Exercise objective =
Write out the records beneath this line exactly as they appear, minus any images.

Data for the task =
━━━

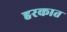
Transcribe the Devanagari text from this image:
हरकात
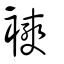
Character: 襫
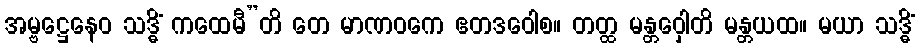
အမ္ဗဋ္ဌေနေဝ သဒ္ဓိံ ကထေမီ”တိ တေ မာဏဝကေ ဧတဒဝေါစ။ တတ္ထ မန္တဝှေါတိ မန္တယထ။ မယာ သဒ္ဓိံ
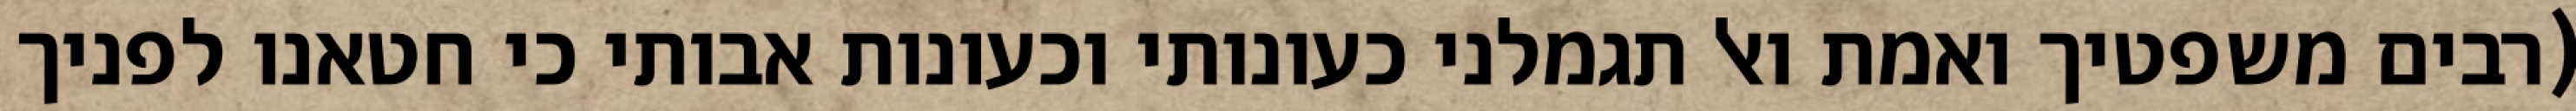
(רבים משפטיך ואמת ואל תגמלני כעונותי וכעונות אבותי כי חטאנו לפניך
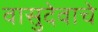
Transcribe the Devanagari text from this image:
वासुदेवाचे
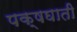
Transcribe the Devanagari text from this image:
पक्षघाती
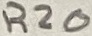
Text: R20
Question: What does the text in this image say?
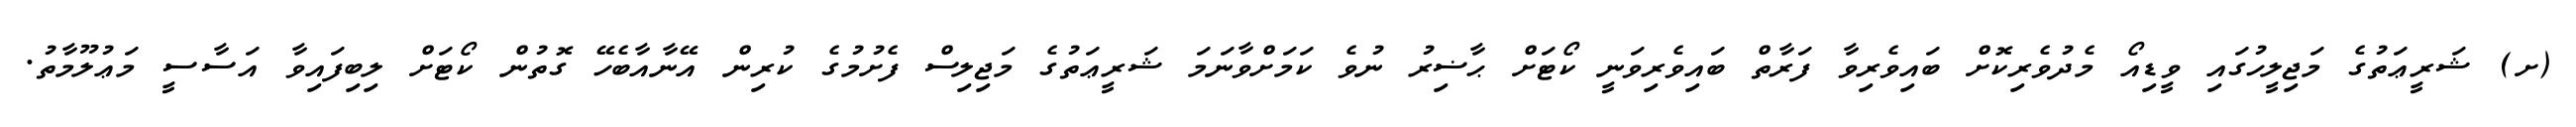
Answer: (ށ) ޝަރީޢަތުގެ މަޖިލީހުގައި ވީޑިއޯ މެދުވެރިކޮށް ބައިވެރިވާ ފަރާތް ބައިވެރިވަނީ ކޯޓަށް ޙާޟިރު ނުވެ ކަމަށްވާނަމަ ޝަރީޢަތުގެ މަޖިލިސް ފެށުމުގެ ކުރިން އޭނާއާބެހޭ ގޮތުން ކޯޓަށް ލިބިފައިވާ އަސާސީ މަޢުލޫމާތު.
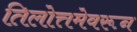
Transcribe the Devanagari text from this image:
तिलोत्तमेवरून
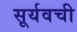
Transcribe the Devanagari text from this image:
सूर्यवची
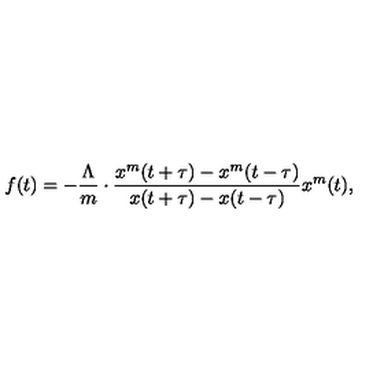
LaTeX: f ( t ) = - \frac { \Lambda } { m } \cdot \frac { x ^ { m } ( t + \tau ) - x ^ { m } ( t - \tau ) } { x ( t + \tau ) - x ( t - \tau ) } x ^ { m } ( t ) ,
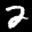
Label: 2
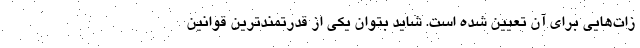
زات‌هایی برای آن تعیین شده است. شاید بتوان یکی از قدرتمندترین قوانین
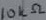
Text: 10kΩ
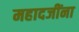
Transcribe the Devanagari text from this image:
महादजींना
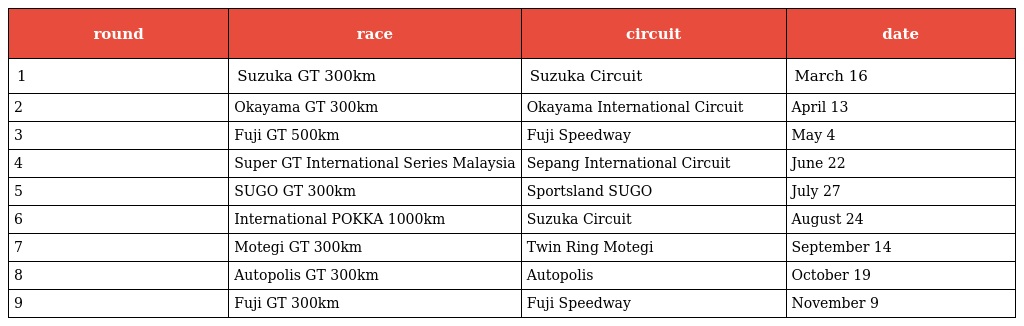
| round | race | circuit | date |
 | --- | --- | --- | --- |
 | 1 | Suzuka GT 300km | Suzuka Circuit | March 16 |
 | 2 | Okayama GT 300km | Okayama International Circuit | April 13 |
 | 3 | Fuji GT 500km | Fuji Speedway | May 4 |
 | 4 | Super GT International Series Malaysia | Sepang International Circuit | June 22 |
 | 5 | SUGO GT 300km | Sportsland SUGO | July 27 |
 | 6 | International POKKA 1000km | Suzuka Circuit | August 24 |
 | 7 | Motegi GT 300km | Twin Ring Motegi | September 14 |
 | 8 | Autopolis GT 300km | Autopolis | October 19 |
 | 9 | Fuji GT 300km | Fuji Speedway | November 9 |

━━━

Solution to this exercise =
Transcribe the Devanagari text from this image:
हरकात
Character: 襫
အမ္ဗဋ္ဌေနေဝ သဒ္ဓိံ ကထေမီ”တိ တေ မာဏဝကေ ဧတဒဝေါစ။ တတ္ထ မန္တဝှေါတိ မန္တယထ။ မယာ သဒ္ဓိံ
(רבים משפטיך ואמת ואל תגמלני כעונותי וכעונות אבותי כי חטאנו לפניך
Transcribe the Devanagari text from this image:
वासुदेवाचे
Transcribe the Devanagari text from this image:
पक्षघाती
Text: R20
Question: What does the text in this image say?
Answer: (ށ) ޝަރީޢަތުގެ މަޖިލީހުގައި ވީޑިއޯ މެދުވެރިކޮށް ބައިވެރިވާ ފަރާތް ބައިވެރިވަނީ ކޯޓަށް ޙާޟިރު ނުވެ ކަމަށްވާނަމަ ޝަރީޢަތުގެ މަޖިލިސް ފެށުމުގެ ކުރިން އޭނާއާބެހޭ ގޮތުން ކޯޓަށް ލިބިފައިވާ އަސާސީ މަޢުލޫމާތު.
Transcribe the Devanagari text from this image:
तिलोत्तमेवरून
Transcribe the Devanagari text from this image:
सूर्यवची
LaTeX: f ( t ) = - \frac { \Lambda } { m } \cdot \frac { x ^ { m } ( t + \tau ) - x ^ { m } ( t - \tau ) } { x ( t + \tau ) - x ( t - \tau ) } x ^ { m } ( t ) ,
Label: 2
زات‌هایی برای آن تعیین شده است. شاید بتوان یکی از قدرتمندترین قوانین
Text: 10kΩ
Transcribe the Devanagari text from this image:
महादजींना
| round | race | circuit | date |
 | --- | --- | --- | --- |
 | 1 | Suzuka GT 300km | Suzuka Circuit | March 16 |
 | 2 | Okayama GT 300km | Okayama International Circuit | April 13 |
 | 3 | Fuji GT 500km | Fuji Speedway | May 4 |
 | 4 | Super GT International Series Malaysia | Sepang International Circuit | June 22 |
 | 5 | SUGO GT 300km | Sportsland SUGO | July 27 |
 | 6 | International POKKA 1000km | Suzuka Circuit | August 24 |
 | 7 | Motegi GT 300km | Twin Ring Motegi | September 14 |
 | 8 | Autopolis GT 300km | Autopolis | October 19 |
 | 9 | Fuji GT 300km | Fuji Speedway | November 9 |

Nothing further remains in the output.